» TO DO:
Reproduce all of the entries character for character, while leaving out any pictures they contain.

==========

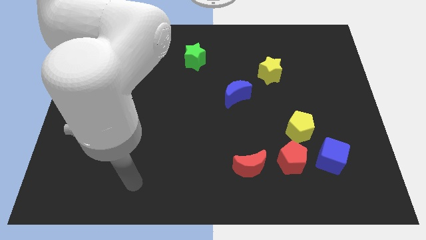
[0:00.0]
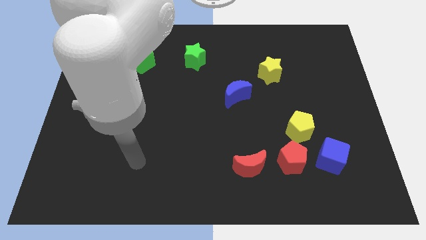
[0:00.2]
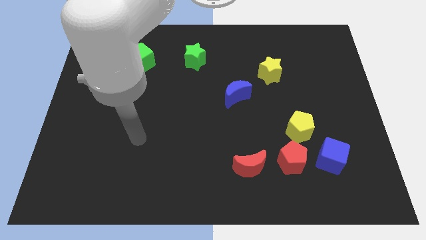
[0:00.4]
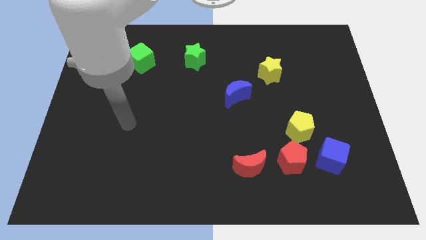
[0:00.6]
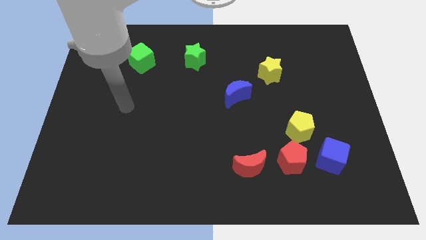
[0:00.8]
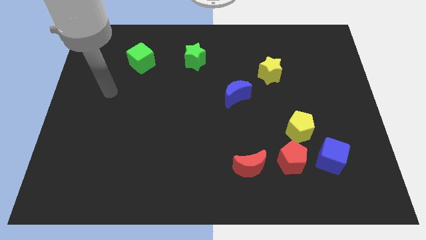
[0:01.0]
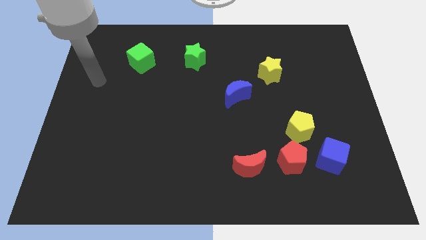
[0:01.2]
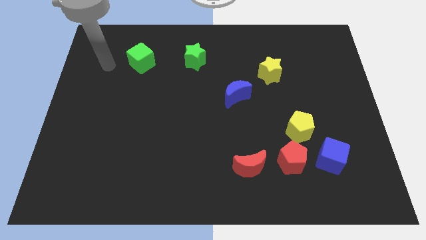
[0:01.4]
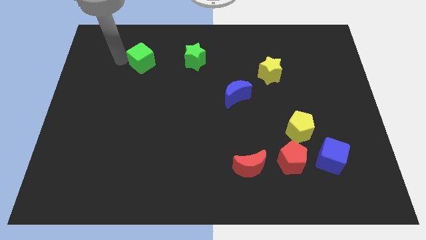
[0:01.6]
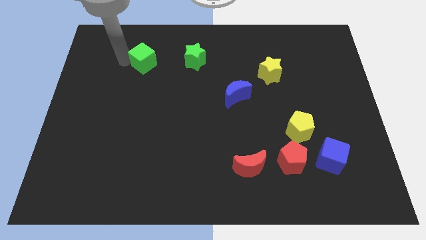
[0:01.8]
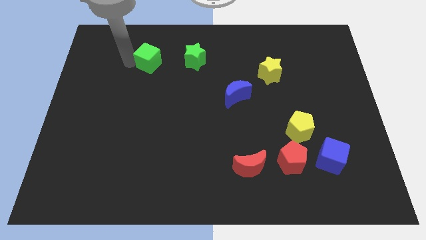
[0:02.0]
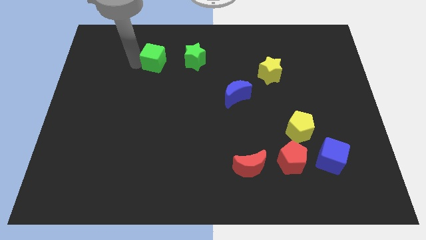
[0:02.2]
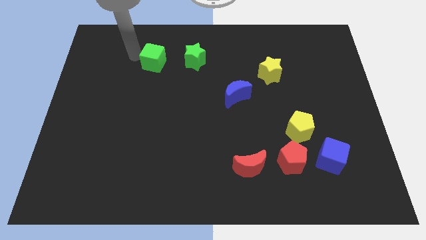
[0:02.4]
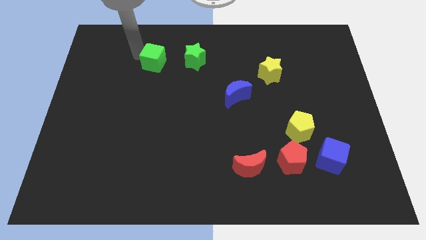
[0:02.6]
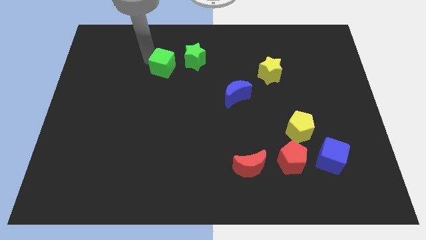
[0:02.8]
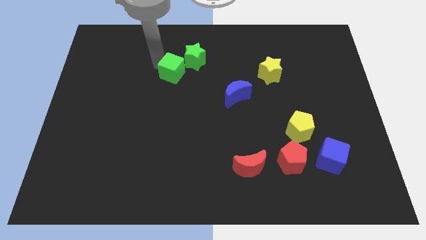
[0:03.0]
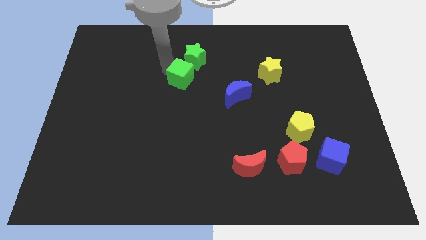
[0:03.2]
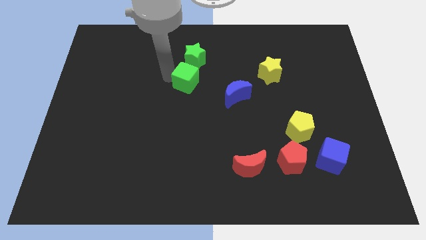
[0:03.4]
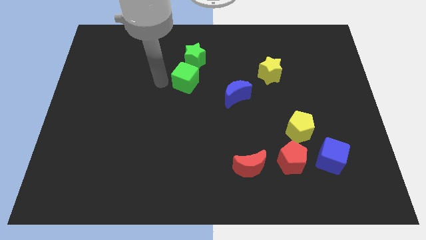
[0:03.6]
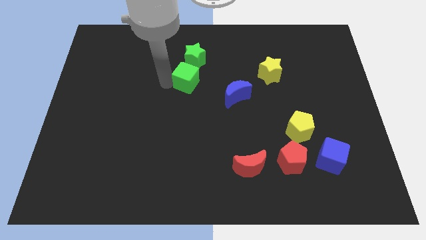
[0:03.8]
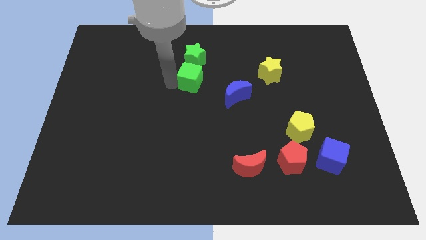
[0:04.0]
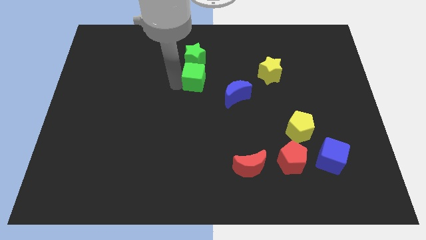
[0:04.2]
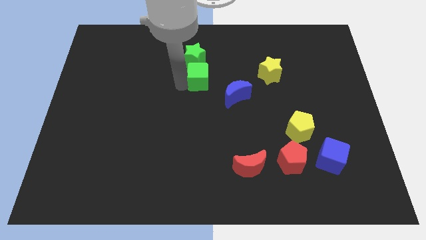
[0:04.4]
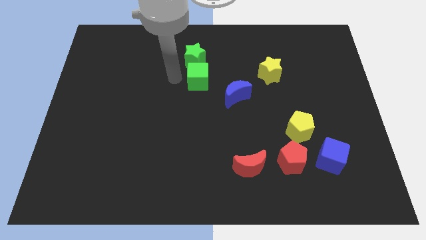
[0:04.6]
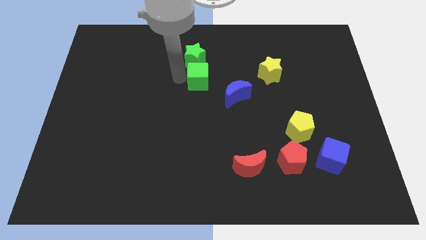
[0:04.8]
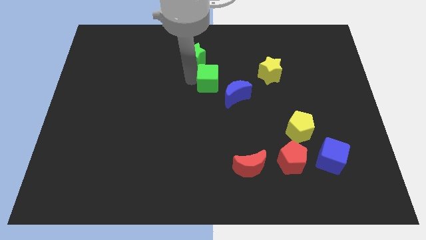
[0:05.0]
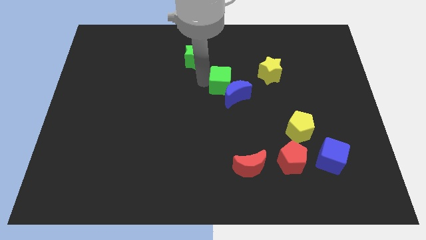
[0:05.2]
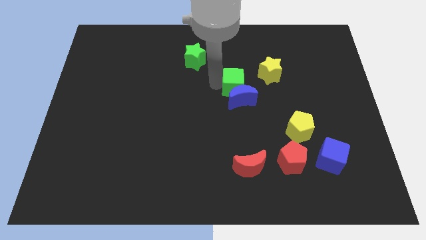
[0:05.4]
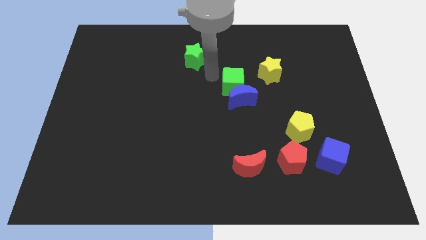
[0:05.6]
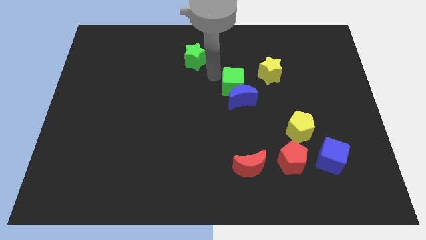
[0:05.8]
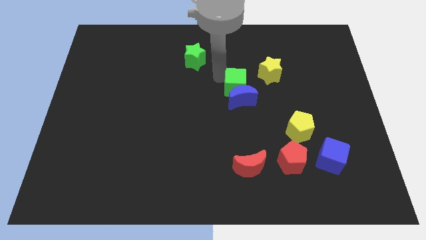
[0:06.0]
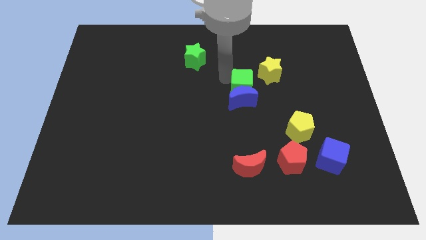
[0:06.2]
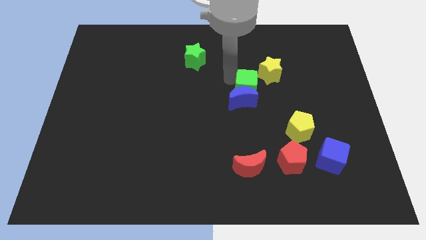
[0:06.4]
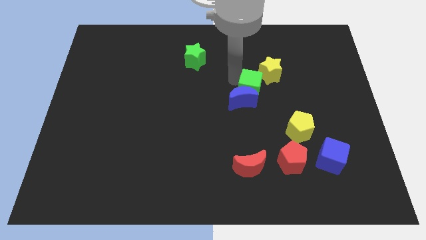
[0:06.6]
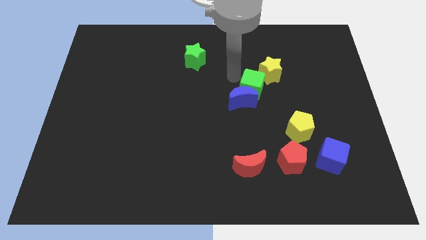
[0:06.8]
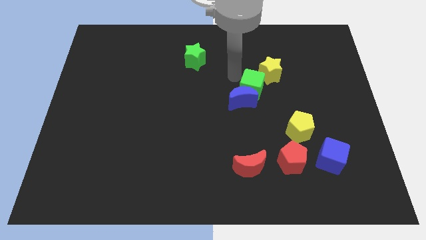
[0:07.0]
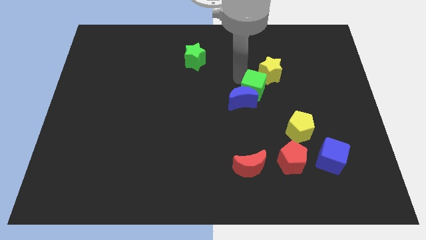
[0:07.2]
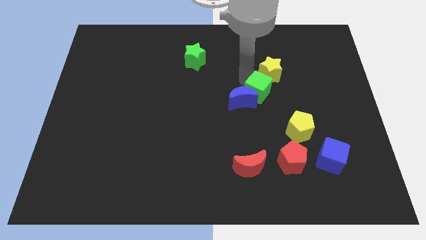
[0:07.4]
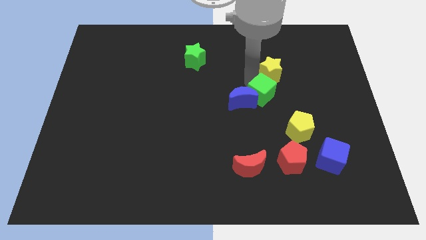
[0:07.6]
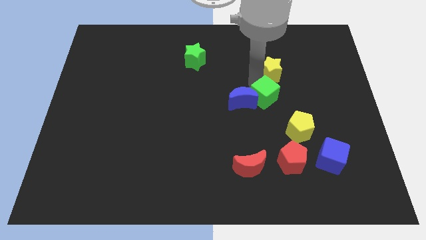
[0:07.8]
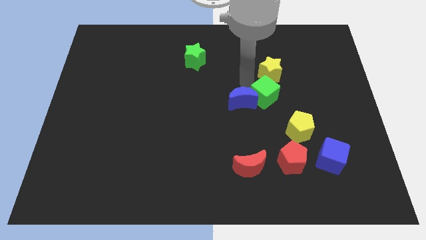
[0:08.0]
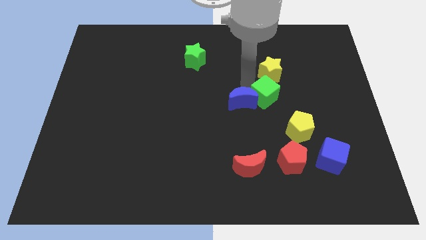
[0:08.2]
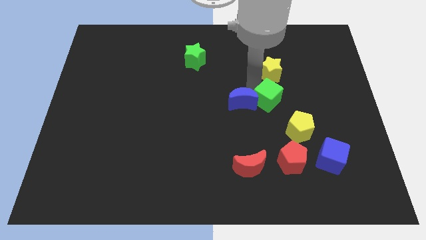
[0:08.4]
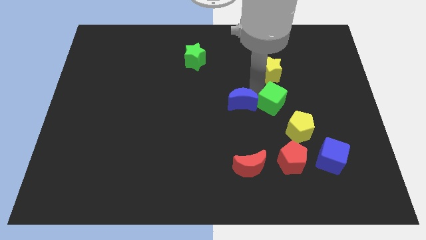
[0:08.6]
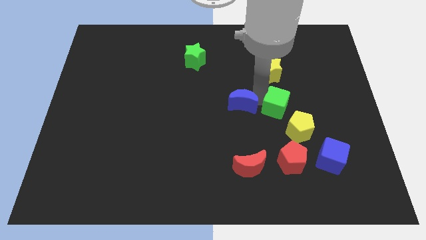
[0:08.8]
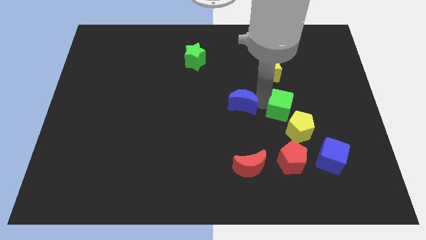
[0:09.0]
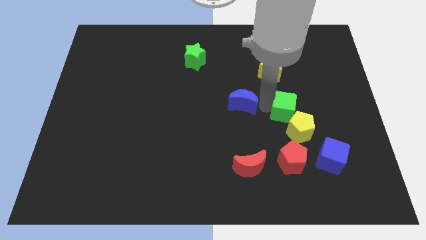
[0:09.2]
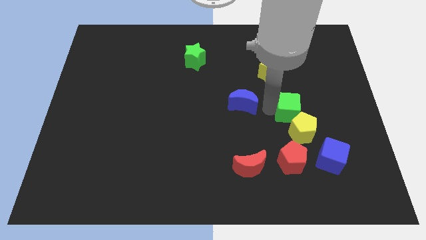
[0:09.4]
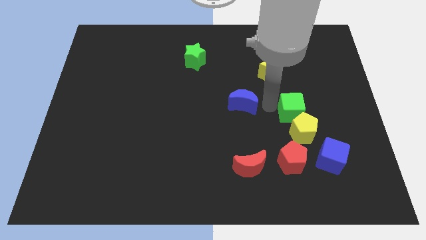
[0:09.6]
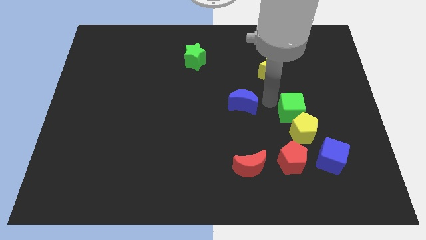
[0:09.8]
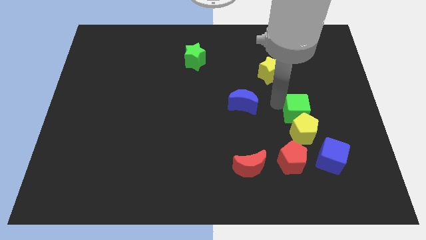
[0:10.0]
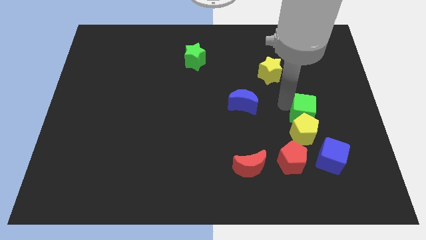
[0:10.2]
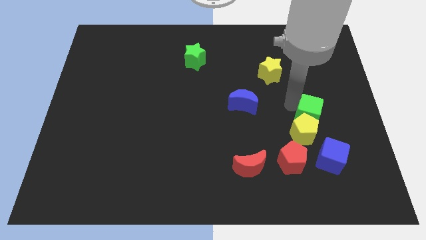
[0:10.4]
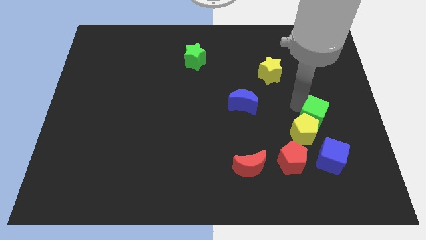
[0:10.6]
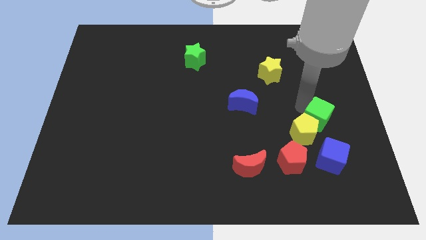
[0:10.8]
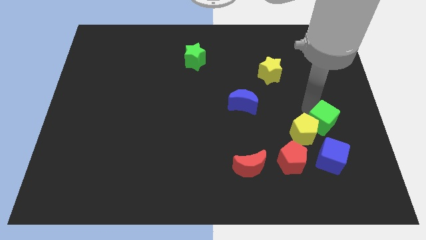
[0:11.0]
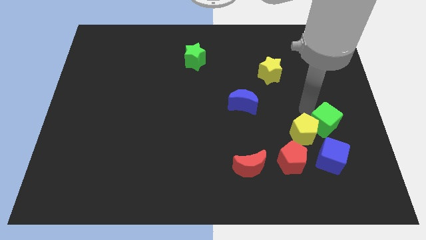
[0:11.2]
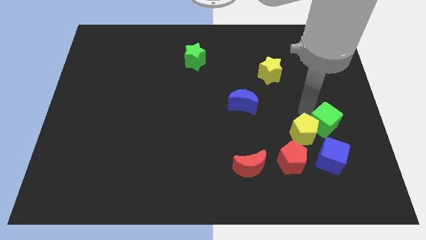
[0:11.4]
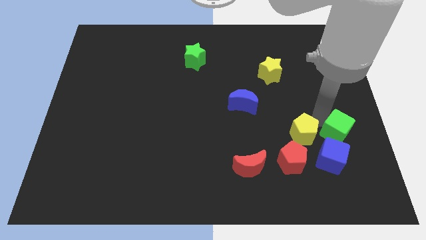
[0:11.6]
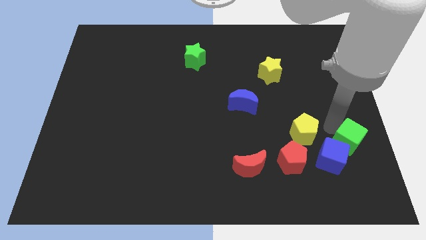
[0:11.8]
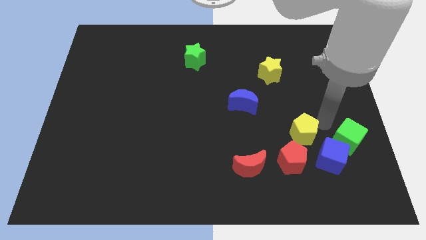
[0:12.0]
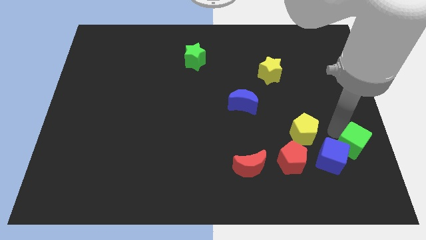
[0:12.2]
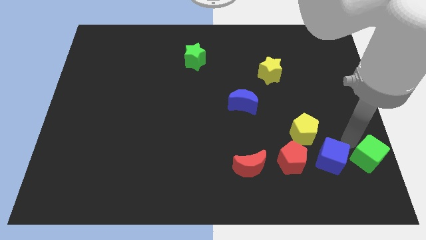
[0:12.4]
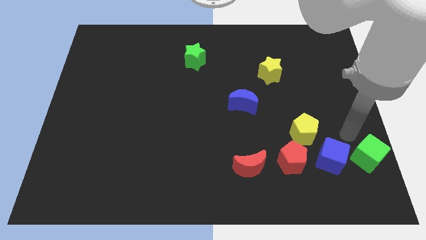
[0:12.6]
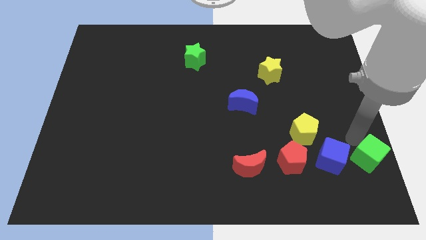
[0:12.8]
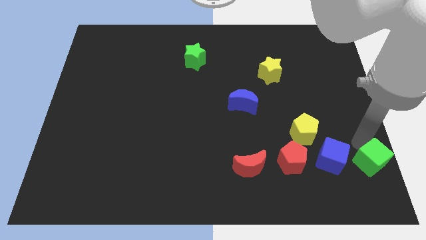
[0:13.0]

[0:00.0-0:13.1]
put the green cube to the bottom right of the board

==========

» EXERCISE RESPONSE:
[0:00.0]
[0:00.2]
[0:00.4]
[0:00.6]
[0:00.8]
[0:01.0]
[0:01.2]
[0:01.4]
[0:01.6]
[0:01.8]
[0:02.0]
[0:02.2]
[0:02.4]
[0:02.6]
[0:02.8]
[0:03.0]
[0:03.2]
[0:03.4]
[0:03.6]
[0:03.8]
[0:04.0]
[0:04.2]
[0:04.4]
[0:04.6]
[0:04.8]
[0:05.0]
[0:05.2]
[0:05.4]
[0:05.6]
[0:05.8]
[0:06.0]
[0:06.2]
[0:06.4]
[0:06.6]
[0:06.8]
[0:07.0]
[0:07.2]
[0:07.4]
[0:07.6]
[0:07.8]
[0:08.0]
[0:08.2]
[0:08.4]
[0:08.6]
[0:08.8]
[0:09.0]
[0:09.2]
[0:09.4]
[0:09.6]
[0:09.8]
[0:10.0]
[0:10.2]
[0:10.4]
[0:10.6]
[0:10.8]
[0:11.0]
[0:11.2]
[0:11.4]
[0:11.6]
[0:11.8]
[0:12.0]
[0:12.2]
[0:12.4]
[0:12.6]
[0:12.8]
[0:13.0]

[0:00.0-0:13.1]
put the green cube to the bottom right of the board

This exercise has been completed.